Statement of novelty: This protocol describes the novel treatment of PNP deficiency using lentiviral-based gene therapy.
Study summary
Purpose
This is a Phase I/II clinical trial to study the safety and efficacy of gene therapy in purine nucleoside phosphorylase (PNP) deficiency. CD34+ stem cells derived from PNP-deficient patients will be transplanted after the transduction of normal PNP cDNA using lentiviral vector.
The primary outcome is to determine the safety of infusing lentiviral-treated stem cells, while the secondary outcome will be assessment of reconstitution of mature lymphocytes carrying the normal PNP gene.
Rationale
Profound T cell immunodeficiencies are life-threatening conditions which require urgent assessment and consideration of curative measures, such as hematopoietic stem cell transplantation. Many of these infants, but not all, can be identified shortly after birth by screening for T cell receptor excision circle (TREC) levels (Buckley 2012), an indication of thymic function and T cell development (Douek et al. 1998). The most studied subgroup of these patients are infants born with severe combined immunodeficiency (SCID). Prior to the implementation of newborn screening (NBS), and in jurisdictions where NBS is unavailable, infants with SCID typically present in the first year of life with viral or fungal lung infections, chronic diarrhea, and failure to thrive (McWilliams et al. 2015). Immune evaluation in these patients reveals profound T cell lymphopenia according to the underlying genetic condition afflicting these patients (Shearer et al. 2014).
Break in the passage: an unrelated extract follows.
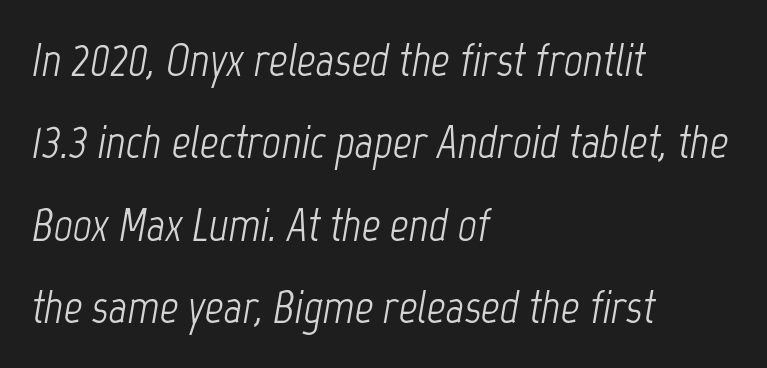
Weight: not bold — regular or lighter. Caption: multi-line text, flush left, ragged right. Slanted lettering throughout. A typesetter would call this zero additional tracking.
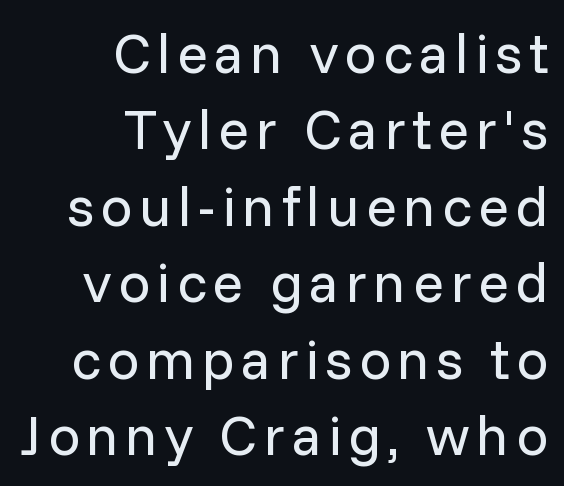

Over the past two decades there has been a growing recognition that profound T cell immunodeficiency (combined immunodeficiency, CID), unlike typical SCID, can result in significant residual immune function and sometimes normal numbers of circulating lymphocytes, as well as variable in vitro and in vivo immune function (Roifman et al. 2012). Some of these patients may present clinically like SCID while others can present later in childhood with recurrent infections, autoimmune manifestations, or atopic features. Unfortunately, many of these conditions cannot be detected by TREC-based NBS. The treatment of choice for SCID and for most cases of CID is hematopoietic stem cell transplantation (Pai et al. 2014). Use of an human leukocyte antigen (HLA)-matched related donor has previously been reported to result in the best outcome (Caillat-Zucman et al. 2004). In the absence of such a donor, matched unrelated donors (Dalal et al. 2000; Grunebaum et al. 2006) and sometimes mismatched related donors have also been used successfully (Beatty et al. 1985; Haddad et al. 1998).
PNP deficiency (OMIM #613179) is an autosomal recessive progressive immunodeficiency characterized by susceptibility to opportunistic infection, neurologic abnormalities, and autoimmunity (Markert 1991). The onset may be delayed beyond infancy. Immune evaluation varies from patient-to-patient as well as over time in the same individual. T cell lymphopenia is progressive, while in vitro function as well as TREC levels may be low or within normal range. This CID is caused by mutations in the PNP gene at 14q13.1, which encodes a key enzyme involved in the purine salvage pathway (George and Francke 1976). The features observed in this immunodeficiency are likely caused by the consequent accumulation of purine metabolites (Mitchell et al. 1978; Ullman et al. 1979).
The only known curative treatment for PNP deficiency is hematopoietic stem cell transplantation, preferably with an HLA-matched related donor (Delicou et al. 2007). Experience with alternative donors has been inconsistent, with only few reports suggesting successful engraftment after matched unrelated cord or bone marrow transplants, albeit after repeated transplants (Grunebaum et al. 2013; Brodszki et al. 2015).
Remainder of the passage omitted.